You mess with Harpo Marx, you get the horns.

Tuesday, February 27, 2007

Oscar Defied Me

I tried to tell the truth, ladies and gentlemen, about all the perversions and weirdness going on at the Academy Awards, but the underlings of secret dark powers known as Oscar prevented me by virusing my blogger. I don't know how they did it. Perhaps it was arcane magic. Perhaps it was disk operating system eating worms, but somehow they broke right into the midst of my Live Oscar Blog and smashed everything in sight, and I could not post. This is what I get for talking about Joan Rivers' neck falling off, and this is what "The Man" does when you try to mention Ryan Gosling and his association with Britney Spears' bank account.
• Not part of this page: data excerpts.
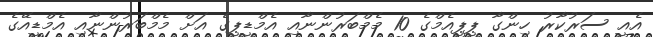
އެއީ ސަރުކާރު ހިންގާ ޕީޕީއެމްގެ 10 މެމްބަރުންނާއި އެމްޑީޕީގެ އަށް މެމްބަރުންނާއި އެމްޑީއޭގެ
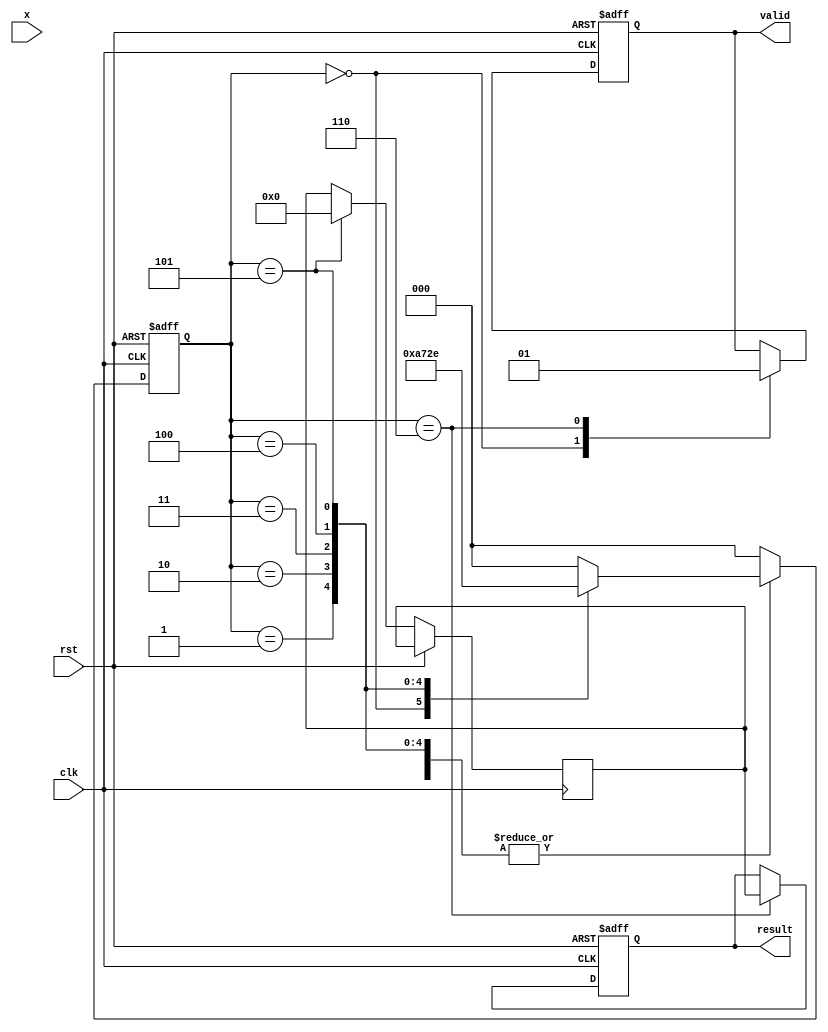
module asinh(
    input wire clk,
    input wire rst,
    input wire [31:0] x, // 32-bit floating-point input
    output reg [31:0] result, // 32-bit floating-point output
    output reg valid // Signal to indicate valid output
);

    reg [31:0] abs_x;
    reg [31:0] x_squared;
    reg [31:0] sqrt_term;
    reg [31:0] addition_result;
    reg [31:0] ln_result;
    
    localparam STATE_IDLE = 3'b000;
    localparam STATE_MAGNITUDE = 3'b001;
    localparam STATE_SQUARE = 3'b010;
    localparam STATE_SQRT = 3'b011;
    localparam STATE_ADD = 3'b100;
    localparam STATE_LOG = 3'b101;
    localparam STATE_OUTPUT = 3'b110;

    reg [2:0] state, next_state;

    // Simple absolute value computation (for signed inputs)
    function [31:0] abs;
        input [31:0] value;
        begin
            abs = value[31] ? (~value + 1) : value;
        end
    endfunction

    // Placeholder for square root function
    function [31:0] sqrt;
        input [31:0] value;
        begin
            // Implement the square root calculation here
            // For simplicity, we can use a lookup table or a simple algorithm.
            // This implementation is a placeholder.
            sqrt = 32'h00000000; // Replace with actual sqrt calculation
        end
    endfunction

    // Placeholder for natural logarithm function
    function [31:0] ln;
        input [31:0] value;
        begin
            // Implement the logarithm calculation here
            // This implementation is a placeholder.
            ln = 32'h00000000; // Replace with actual ln calculation
        end
    endfunction

    // State machine for computing asinh
    always @(posedge clk or posedge rst) begin
        if (rst) begin
            state <= STATE_IDLE;
            result <= 32'b0;
            valid <= 1'b0;
        end else begin
            state <= next_state;
            case (state)
                STATE_IDLE: begin
                    valid <= 1'b0;
                end
                
                STATE_MAGNITUDE: begin
                    abs_x <= abs(x);
                end
                
                STATE_SQUARE: begin
                    x_squared <= abs_x * abs_x; // x^2
                end
                
                STATE_SQRT: begin
                    sqrt_term <= sqrt(x_squared + 32'h00000001); // sqrt(x^2 + 1)
                end
                
                STATE_ADD: begin
                    addition_result <= abs_x + sqrt_term; // x + sqrt(x^2 + 1)
                end
                
                STATE_LOG: begin
                    ln_result <= ln(addition_result); // ln(x + sqrt(x^2 + 1))
                end
                
                STATE_OUTPUT: begin
                    result <= ln_result;
                    valid <= 1'b1;
                end
                
                default: begin
                    // Default case to handle unexpected states
                    state <= STATE_IDLE;
                end
            endcase
        end
    end

    // State transition logic
    always @(*) begin
        case (state)
            STATE_IDLE: begin
                next_state = STATE_MAGNITUDE;
            end
            
            STATE_MAGNITUDE: begin
                next_state = STATE_SQUARE;
            end
            
            STATE_SQUARE: begin
                next_state = STATE_SQRT;
            end
            
            STATE_SQRT: begin
                next_state = STATE_ADD;
            end
            
            STATE_ADD: begin
                next_state = STATE_LOG;
            end
            
            STATE_LOG: begin
                next_state = STATE_OUTPUT;
            end
            
            STATE_OUTPUT: begin
                next_state = STATE_IDLE; // Go back to idle after output
            end
            
            default: begin
                next_state = STATE_IDLE;
            end
        endcase
    end

endmodule
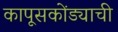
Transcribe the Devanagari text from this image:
कापूसकोंड्याची
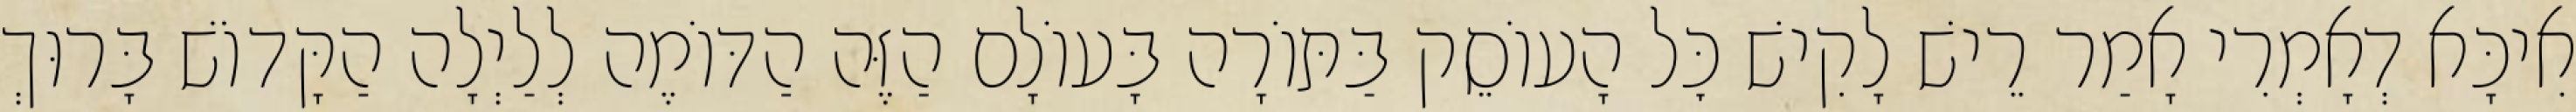
אִיכָּא דְאָמְרִי אָמַר רֵישׁ לָקִישׁ כׇּל הָעוֹסֵק בַּתּוֹרָה בָּעוֹלָם הַזֶּה הַדּוֹמֶה לְלַיְלָה הַקָּדוֹשׁ בָּרוּךְ
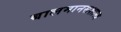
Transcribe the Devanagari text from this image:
बालमानसशास्त्र
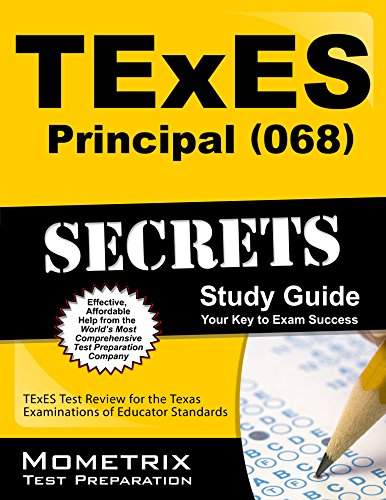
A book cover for TExES Principal (068) Secrets Study Guide: TExES Test Review for the Texas Examinations of Educator Standards; TExES Exam Secrets Test Prep Team; Test Preparation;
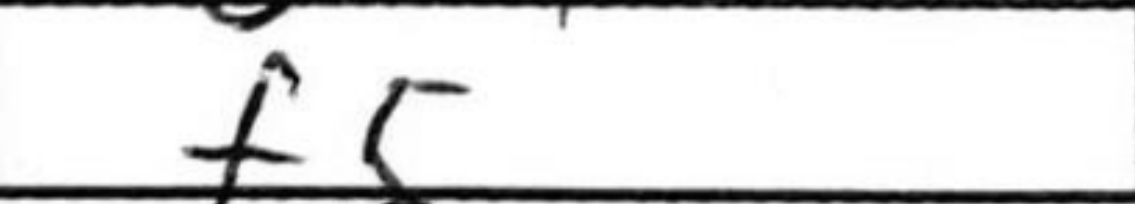
Transcription: f5
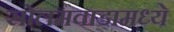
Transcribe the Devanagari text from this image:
सोलमवाडामध्ये
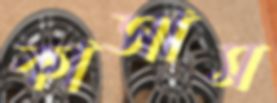
কাসাম
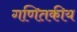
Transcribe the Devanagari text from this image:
गणितकीय
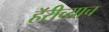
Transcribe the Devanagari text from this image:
हॅरीच्याच
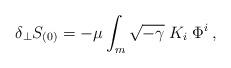
LaTeX: \begin{align*}\delta_{\perp} S_{(0)} =- \mu \int_m \sqrt{-\gamma}\; K_i \; \Phi^i\,,\end{align*}
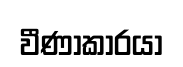
වීණාකාරයා
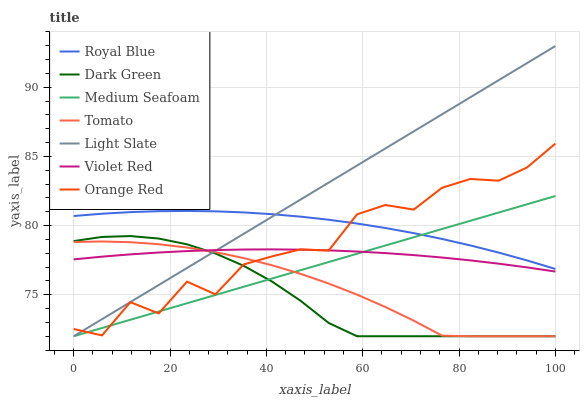
| xaxis_label | Royal Blue | Dark Green | Medium Seafoam | Tomato | Light Slate | Violet Red | Orange Red |
 | --- | --- | --- | --- | --- | --- | --- | --- |
 | 0 | 80.7 | 78.9 | 72 | 78.8 | 72 | 77.6 | 72.5 |
 | 5.88 | 80.9 | 79.2 | 72.6 | 78.9 | 73.2 | 77.8 | 72.1 |
 | 11.8 | 81 | 79.2 | 73.2 | 78.8 | 74.5 | 77.9 | 74.5 |
 | 17.6 | 81 | 79.1 | 73.8 | 78.7 | 75.7 | 78.1 | 73.6 |
 | 23.5 | 81.1 | 78.6 | 74.4 | 78.4 | 76.9 | 78.2 | 75.9 |
 | 29.4 | 81 | 78 | 75 | 78.1 | 78.2 | 78.2 | 75 |
 | 35.3 | 81 | 77.1 | 75.6 | 77.7 | 79.4 | 78.3 | 77.2 |
 | 41.2 | 80.8 | 76 | 76.2 | 77.1 | 80.6 | 78.3 | 77.8 |
 | 47.1 | 80.6 | 74.6 | 76.8 | 76.5 | 81.9 | 78.3 | 78.3 |
 | 52.9 | 80.4 | 73 | 77.4 | 75.8 | 83.1 | 78.2 | 78.2 |
 | 58.8 | 80.1 | 72 | 78 | 75 | 84.3 | 78.1 | 80.8 |
 | 64.7 | 79.8 | 72 | 78.6 | 74.1 | 85.6 | 78 | 81.5 |
 | 70.6 | 79.5 | 72 | 79.2 | 73.1 | 86.8 | 77.9 | 81.2 |
 | 76.5 | 79 | 72 | 79.8 | 72 | 88 | 77.7 | 82.7 |
 | 82.4 | 78.6 | 72 | 80.3 | 72 | 89.3 | 77.5 | 83.4 |
 | 88.2 | 78 | 72 | 80.9 | 72 | 90.5 | 77.2 | 83.2 |
 | 94.1 | 77.5 | 72 | 81.5 | 72 | 91.7 | 77 | 84.2 |
 | 100 | 76.9 | 72 | 82.1 | 72 | 93 | 76.7 | 85.9 |
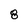
Character: 8
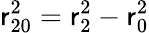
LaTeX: \mathsf{r}_{20}^{2}=\mathsf{r}_{2}^{2}-\mathsf{r}_{0}^{2}
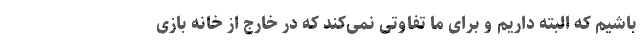
باشیم که البته داریم و برای ما تفاوتی نمی‌کند که در خارج از خانه بازی
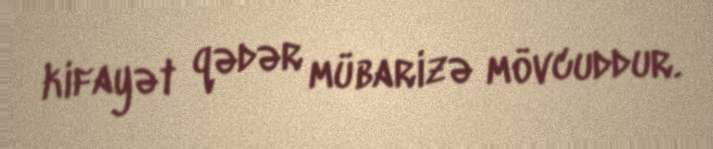
kifayət qədər mübarizə mövcuddur.

But you've failed, The Man, you've failed. All the moist truths are coming out anyway, even if they are a day late. Jack Nicholson's "accident" on stage with the stains and drippings will be talked about, even if you tried to censor it from the live broadcast. The lack of a Mark Northover tribute will be discussed right here in this blog, even if you don't like it, because Mr. Northover's performance as Chauncy Neverenstein in Dogs for the Pennywhistle Lovers was truly the best posthumous performance of the decade. Ellen Degenerate's fake pants will not be overlooked, for I will mention it. Despite clever editing, it was obvious to anyone who paid attention that her pants were patently fake. Fake pants, Oscar! Is that all you had to offer us this year? Jack Nicholson's stains, Mark Northover's overlooked best performance as a hat merchant with a penchant for axe murder, and Ellen Degenerate's fake pants. That's it? Hmph, says I, hmph! I will wait for the Tony Awards!